# Craigslist Score



## Chuck K (Mar 23, 2013)

This isn't just a South Bend score....but I didn't know where else to post it....and I wanted to gloat.  )  Here's some pics of my score:


----------



## Old Iron (Mar 23, 2013)

Now that is a nice sdore depending on the price. What kind of mill is that?

Paul


----------



## Chuck K (Mar 23, 2013)

That would be an Index model 55....and the price was real right


----------



## Splat (Mar 23, 2013)

I'm envious Chuck! Congrats on the haul there, brother and good luck with it! Now *that's *shopping. Women should take note of these things.


----------



## Chuck K (Mar 23, 2013)

Thanks, This rates right up there as one of my best scores.  The machines all have issues, but no real deal breakers. The saw has had a bad repair done on the hydraulic cylinder.  They brazed the fitting on the bottom of it and it's leaking oil.  I would have that fixed already, but it seems my son emptied my oxygen tank and failed to mention it.  The lathe has 1 of the 4 drive belts missing and the other 3 are shot.  The flat belt seems alright. The belt tensioning assembly was kind of cobbled up but it was all there and I got that straightened out.  It came with every option except a follow rest.  I assumed it was 16" but according to the serial# it's a 14 1/2.  #1665FKL12  The catalog# is CL8185C.  Maybe someone here has more info than I can come up with.  The mill is complete except for the power feed on the table and the collet chuck that should have come with it as standard equipment.  It came with a set of B&S 9 endmill holders and a jacobs chuck. It has a two speed motor which is kind of cool.  I powered up both the lathe and the mill and they both seemed to work well.  I'll get more time to play with them tomorrow.

Chuck


----------



## Hawkeye (Mar 23, 2013)

Well, Chuck. It looks like you picked up a whole machine shop in one trip. Well worth a gloat. Since the guys seem to be slipping a bit, allow me to voice the traditional "You suck!" :thumbsup: Your haul definitely deserves it.


----------



## Chuck K (Mar 23, 2013)

Hawkeye said:


> Well, Chuck. It looks like you picked up a whole machine shop in one trip. Well worth a gloat. Since the guys seem to be slipping a bit, allow me to voice the traditional "You suck!" :thumbsup: Your haul definitely deserves it.

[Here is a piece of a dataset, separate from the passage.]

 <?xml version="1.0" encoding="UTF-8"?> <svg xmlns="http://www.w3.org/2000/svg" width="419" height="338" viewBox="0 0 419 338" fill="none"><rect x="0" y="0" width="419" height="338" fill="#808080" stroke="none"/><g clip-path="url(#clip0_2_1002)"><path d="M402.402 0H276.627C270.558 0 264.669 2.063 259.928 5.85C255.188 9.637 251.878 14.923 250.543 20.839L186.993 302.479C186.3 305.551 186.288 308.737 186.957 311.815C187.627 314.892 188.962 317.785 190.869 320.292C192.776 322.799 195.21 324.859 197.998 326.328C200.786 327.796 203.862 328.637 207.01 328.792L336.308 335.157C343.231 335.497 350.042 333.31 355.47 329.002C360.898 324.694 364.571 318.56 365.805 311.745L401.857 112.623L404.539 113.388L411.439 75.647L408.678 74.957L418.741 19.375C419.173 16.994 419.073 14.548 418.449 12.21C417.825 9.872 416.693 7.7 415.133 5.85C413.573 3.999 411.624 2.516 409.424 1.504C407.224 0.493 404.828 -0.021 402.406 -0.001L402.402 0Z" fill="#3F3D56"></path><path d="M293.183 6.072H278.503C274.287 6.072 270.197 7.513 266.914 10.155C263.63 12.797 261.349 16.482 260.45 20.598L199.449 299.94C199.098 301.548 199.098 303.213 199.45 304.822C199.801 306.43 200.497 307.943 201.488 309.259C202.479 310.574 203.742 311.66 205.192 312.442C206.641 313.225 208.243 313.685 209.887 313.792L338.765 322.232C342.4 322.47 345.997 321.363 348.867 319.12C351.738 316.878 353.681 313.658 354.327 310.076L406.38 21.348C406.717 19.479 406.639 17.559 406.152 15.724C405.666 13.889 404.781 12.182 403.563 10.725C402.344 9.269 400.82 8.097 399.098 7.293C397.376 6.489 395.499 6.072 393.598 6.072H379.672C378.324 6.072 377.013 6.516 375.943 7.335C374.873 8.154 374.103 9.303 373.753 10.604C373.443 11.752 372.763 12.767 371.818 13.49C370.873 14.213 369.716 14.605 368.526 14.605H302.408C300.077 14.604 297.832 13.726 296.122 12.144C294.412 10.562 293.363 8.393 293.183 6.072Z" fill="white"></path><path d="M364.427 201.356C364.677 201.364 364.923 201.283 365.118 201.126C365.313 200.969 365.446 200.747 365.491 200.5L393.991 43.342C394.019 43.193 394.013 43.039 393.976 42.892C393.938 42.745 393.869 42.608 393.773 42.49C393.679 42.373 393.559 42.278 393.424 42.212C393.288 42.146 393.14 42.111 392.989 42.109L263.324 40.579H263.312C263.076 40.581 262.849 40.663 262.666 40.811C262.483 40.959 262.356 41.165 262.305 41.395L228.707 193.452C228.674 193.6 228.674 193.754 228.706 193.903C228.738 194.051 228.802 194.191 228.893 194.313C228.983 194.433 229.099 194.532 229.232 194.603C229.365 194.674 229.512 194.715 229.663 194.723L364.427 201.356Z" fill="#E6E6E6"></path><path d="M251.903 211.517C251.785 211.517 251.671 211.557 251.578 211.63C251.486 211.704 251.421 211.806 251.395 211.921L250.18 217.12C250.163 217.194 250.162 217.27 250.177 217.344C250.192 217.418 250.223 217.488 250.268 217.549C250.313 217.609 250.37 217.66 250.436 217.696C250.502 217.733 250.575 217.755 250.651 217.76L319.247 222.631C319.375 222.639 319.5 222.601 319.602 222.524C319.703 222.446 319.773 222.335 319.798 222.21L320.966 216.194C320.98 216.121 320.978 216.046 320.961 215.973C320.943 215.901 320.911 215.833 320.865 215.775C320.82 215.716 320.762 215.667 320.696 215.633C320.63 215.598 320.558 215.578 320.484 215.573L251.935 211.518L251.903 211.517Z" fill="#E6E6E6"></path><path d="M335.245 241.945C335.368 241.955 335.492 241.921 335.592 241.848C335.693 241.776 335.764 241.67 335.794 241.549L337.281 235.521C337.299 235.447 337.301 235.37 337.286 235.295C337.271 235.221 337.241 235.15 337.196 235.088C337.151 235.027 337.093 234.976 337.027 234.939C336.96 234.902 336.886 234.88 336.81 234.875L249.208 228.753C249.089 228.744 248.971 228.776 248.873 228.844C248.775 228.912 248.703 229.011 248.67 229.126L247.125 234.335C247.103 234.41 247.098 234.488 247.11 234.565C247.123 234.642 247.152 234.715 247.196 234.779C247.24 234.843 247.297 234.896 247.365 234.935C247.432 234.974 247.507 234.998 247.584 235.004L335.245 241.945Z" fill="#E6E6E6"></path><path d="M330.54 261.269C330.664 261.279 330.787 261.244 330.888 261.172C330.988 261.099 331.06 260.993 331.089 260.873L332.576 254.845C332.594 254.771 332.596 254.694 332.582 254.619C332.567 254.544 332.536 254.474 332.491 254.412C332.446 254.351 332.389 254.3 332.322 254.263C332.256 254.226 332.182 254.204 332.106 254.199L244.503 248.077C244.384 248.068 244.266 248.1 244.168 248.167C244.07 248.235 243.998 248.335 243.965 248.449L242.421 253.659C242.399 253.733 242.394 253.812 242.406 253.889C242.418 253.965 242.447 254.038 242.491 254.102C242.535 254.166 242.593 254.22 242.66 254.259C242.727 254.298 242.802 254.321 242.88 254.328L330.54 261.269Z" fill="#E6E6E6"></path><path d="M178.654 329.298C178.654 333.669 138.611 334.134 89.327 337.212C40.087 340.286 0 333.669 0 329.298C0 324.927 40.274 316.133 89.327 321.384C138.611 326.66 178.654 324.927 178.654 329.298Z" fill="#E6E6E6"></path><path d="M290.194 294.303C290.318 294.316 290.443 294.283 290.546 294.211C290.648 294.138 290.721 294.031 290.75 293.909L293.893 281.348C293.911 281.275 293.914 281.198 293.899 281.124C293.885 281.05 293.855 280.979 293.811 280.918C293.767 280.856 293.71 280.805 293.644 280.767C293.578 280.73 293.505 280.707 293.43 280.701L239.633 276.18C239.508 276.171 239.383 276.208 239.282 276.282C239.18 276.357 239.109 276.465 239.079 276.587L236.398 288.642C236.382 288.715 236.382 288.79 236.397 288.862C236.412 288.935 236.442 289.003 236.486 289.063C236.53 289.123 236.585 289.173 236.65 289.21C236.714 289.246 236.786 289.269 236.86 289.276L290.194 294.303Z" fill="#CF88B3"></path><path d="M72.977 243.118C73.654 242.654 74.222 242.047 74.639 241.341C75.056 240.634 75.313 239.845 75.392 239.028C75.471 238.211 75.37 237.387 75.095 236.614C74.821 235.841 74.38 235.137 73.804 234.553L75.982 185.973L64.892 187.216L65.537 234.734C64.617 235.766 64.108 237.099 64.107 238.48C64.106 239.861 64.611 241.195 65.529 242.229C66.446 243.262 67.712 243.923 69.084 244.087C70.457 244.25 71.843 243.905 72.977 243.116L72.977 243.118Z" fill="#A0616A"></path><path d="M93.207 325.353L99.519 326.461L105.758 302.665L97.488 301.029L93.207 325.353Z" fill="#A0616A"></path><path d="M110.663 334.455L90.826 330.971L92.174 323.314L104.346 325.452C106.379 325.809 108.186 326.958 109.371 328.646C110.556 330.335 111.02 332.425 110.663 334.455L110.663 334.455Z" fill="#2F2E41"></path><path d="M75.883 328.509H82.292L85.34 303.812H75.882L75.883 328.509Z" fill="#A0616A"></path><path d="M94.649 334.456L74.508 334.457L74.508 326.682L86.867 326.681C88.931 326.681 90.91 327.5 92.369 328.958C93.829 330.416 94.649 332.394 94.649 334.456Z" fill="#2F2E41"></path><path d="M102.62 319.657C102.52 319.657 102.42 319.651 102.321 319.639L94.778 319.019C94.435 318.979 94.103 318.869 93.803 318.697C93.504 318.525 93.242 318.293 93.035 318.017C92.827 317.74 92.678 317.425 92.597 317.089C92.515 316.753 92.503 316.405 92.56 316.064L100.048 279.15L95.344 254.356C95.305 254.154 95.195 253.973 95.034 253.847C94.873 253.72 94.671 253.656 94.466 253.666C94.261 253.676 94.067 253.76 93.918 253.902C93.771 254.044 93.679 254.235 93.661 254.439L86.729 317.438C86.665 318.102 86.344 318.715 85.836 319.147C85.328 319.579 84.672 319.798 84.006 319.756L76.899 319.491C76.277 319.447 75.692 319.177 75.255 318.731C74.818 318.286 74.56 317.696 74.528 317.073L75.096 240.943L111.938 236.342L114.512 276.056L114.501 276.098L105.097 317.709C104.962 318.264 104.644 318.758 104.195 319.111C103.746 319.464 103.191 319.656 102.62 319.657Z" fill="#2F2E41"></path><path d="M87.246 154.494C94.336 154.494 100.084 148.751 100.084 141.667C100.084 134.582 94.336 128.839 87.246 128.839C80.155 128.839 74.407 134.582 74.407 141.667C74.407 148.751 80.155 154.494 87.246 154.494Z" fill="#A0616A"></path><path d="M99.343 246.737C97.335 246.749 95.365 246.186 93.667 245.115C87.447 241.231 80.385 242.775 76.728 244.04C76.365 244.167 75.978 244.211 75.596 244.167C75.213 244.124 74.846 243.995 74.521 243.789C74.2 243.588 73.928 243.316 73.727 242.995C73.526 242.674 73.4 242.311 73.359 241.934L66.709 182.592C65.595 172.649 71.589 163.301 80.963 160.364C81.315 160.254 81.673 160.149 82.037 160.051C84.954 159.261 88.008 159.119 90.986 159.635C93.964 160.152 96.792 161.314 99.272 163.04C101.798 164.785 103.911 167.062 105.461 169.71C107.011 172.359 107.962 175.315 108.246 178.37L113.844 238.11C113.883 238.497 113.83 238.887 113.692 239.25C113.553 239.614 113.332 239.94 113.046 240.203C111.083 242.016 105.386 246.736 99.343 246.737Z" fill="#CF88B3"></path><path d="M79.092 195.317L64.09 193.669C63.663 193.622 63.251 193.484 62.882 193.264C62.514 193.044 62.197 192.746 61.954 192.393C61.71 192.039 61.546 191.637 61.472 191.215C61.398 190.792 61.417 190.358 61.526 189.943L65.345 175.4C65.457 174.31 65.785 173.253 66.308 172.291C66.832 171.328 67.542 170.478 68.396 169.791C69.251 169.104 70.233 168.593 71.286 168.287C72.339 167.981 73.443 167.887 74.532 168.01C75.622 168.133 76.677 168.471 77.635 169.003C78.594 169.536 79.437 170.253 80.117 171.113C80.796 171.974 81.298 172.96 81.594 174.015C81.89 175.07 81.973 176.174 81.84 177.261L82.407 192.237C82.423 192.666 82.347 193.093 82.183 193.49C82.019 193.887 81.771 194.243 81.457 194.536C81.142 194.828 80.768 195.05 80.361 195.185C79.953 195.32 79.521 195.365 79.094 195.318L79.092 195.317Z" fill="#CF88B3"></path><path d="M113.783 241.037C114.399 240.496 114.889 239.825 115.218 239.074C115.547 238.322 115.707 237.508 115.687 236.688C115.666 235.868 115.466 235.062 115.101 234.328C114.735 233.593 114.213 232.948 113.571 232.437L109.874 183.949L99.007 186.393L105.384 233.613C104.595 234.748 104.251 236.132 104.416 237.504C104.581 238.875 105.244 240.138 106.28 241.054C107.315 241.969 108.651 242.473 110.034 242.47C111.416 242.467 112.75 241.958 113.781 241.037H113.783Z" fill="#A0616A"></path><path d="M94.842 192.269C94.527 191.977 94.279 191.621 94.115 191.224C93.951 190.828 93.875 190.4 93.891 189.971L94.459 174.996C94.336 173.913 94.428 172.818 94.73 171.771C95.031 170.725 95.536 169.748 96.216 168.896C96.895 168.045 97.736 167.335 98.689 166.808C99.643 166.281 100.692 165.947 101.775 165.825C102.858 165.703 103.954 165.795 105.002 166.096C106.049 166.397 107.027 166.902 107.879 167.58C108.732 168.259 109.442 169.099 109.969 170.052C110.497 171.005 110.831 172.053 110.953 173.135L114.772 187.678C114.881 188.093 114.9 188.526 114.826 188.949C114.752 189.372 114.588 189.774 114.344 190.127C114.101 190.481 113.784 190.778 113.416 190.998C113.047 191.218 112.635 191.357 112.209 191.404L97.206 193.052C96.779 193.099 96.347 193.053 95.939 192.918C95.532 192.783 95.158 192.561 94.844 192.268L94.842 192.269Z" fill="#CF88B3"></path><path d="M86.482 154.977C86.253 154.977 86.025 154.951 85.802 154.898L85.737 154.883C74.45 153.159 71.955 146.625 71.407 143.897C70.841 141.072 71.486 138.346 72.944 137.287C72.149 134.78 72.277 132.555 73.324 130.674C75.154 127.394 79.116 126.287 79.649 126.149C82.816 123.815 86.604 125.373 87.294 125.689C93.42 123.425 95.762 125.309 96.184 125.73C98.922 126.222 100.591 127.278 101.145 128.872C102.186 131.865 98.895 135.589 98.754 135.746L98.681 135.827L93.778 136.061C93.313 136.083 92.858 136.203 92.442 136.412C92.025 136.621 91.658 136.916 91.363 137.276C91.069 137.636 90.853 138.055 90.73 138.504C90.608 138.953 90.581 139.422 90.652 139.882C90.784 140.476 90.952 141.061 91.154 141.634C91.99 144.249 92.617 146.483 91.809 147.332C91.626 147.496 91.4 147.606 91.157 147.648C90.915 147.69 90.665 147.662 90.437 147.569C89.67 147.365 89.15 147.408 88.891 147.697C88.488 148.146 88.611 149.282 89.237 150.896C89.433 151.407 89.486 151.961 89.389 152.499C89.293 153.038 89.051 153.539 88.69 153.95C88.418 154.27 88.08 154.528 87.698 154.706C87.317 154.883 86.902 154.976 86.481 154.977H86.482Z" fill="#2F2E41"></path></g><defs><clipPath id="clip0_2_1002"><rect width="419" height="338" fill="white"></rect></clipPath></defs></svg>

Thank you....I can appreciate that!


----------



## fastback (Mar 24, 2013)

Yes Chuck, you SUCK.  Boy what a nice score.  So what are your intentions?  Is this stuff for your shop.


----------



## Chuck K (Mar 24, 2013)

fastback said:


> Yes Chuck, you SUCK.  Boy what a nice score.  So what are your intentions?  Is this stuff for your shop.


I already have a mill and a saw...so they're both going down the road.  I'm not going to invest any time in the mill....it all works and just needs to be dismantled, cleaned and lubricated and it will be a real nice machine.  The saw just needs some minor brazing and it will be a solid machine also.  The lathe I'm going to play around with until someone comes along that wants it a lot worse than I do.  I plan on keeping it at least long enough to use it while I give my "go to" lathe some much needed tlc.

Chuck


----------



## Buickgsman (Mar 24, 2013)

Cmon Chuck,  You took the day off from working on the Clausing to go get that machine shops worth of equipment that looks fantastic?  I say he!!s yeah!    Nice score!


----------



## Rbeckett (Mar 24, 2013)

Chuck,

YOU SUCK!!!!!!.  Great score on CL.  I have been trying to locate a Mill I can afford for a while now.  I'm paying on one machine now, so I will have to wait a bit longer, but I can wait if I can get a killer score like yours..  I would love a bridgy or BP clone it would really make my shop almost complete.  Once I get my 9X lathe all I will have to add is a big lathe and a real mill and I will just move out to my shop and live out there.   Momma told me to get a price for a shipping container droppped in the yard so I may be expanding in the near future.  I have been on that campaign for about 3 years and it is starting to bear fruit.  Just gotta go slow so I dont scare her off the idea.   Do you have enough rom to set all those machines up at the same time?  That will be a killer shop addition when you get finished.  Good luck and dont forget the rest of the pics when your set up and running again.....
Bob


----------



## Chuck K (Mar 24, 2013)

Rbeckett said:


> Chuck,
> 
> YOU SUCK!!!!!!.  Great score on CL.  I have been trying to locate a Mill I can afford for a while now.  I'm paying on one machine now, so I will have to wait a bit longer, but I can wait if I can get a killer score like yours..  I would love a bridgy or BP clone it would really make my shop almost complete.  Once I get my 9X lathe all I will have to add is a big lathe and a real mill and I will just move out to my shop and live out there.   Momma told me to get a price for a shipping container droppped in the yard so I may be expanding in the near future.  I have been on that campaign for about 3 years and it is starting to bear fruit.  Just gotta go slow so I dont scare her off the idea.   Do you have enough rom to set all those machines up at the same time?  That will be a killer shop addition when you get finished.  Good luck and dont forget the rest of the pics when your set up and running again.....
> Bob



Bob, I have a few machines that I consider keepers (that group changes from time to time but only if I happen upon something better than I have), the rest just hang around until I get tired of messing around with them and find something different.  I like to take machines that have been broken or neglected and pushed into a corner and turn them into something that a hobbyist would be happy to have in their shop. I admit I often have a problem parting with them....but something else is always coming down the pike.  I have a guy that wants to buy the mill and the saw just the way they are (aside from rebrazing the leaky fitting on the saw)....so they won't be around long.

Chuck


----------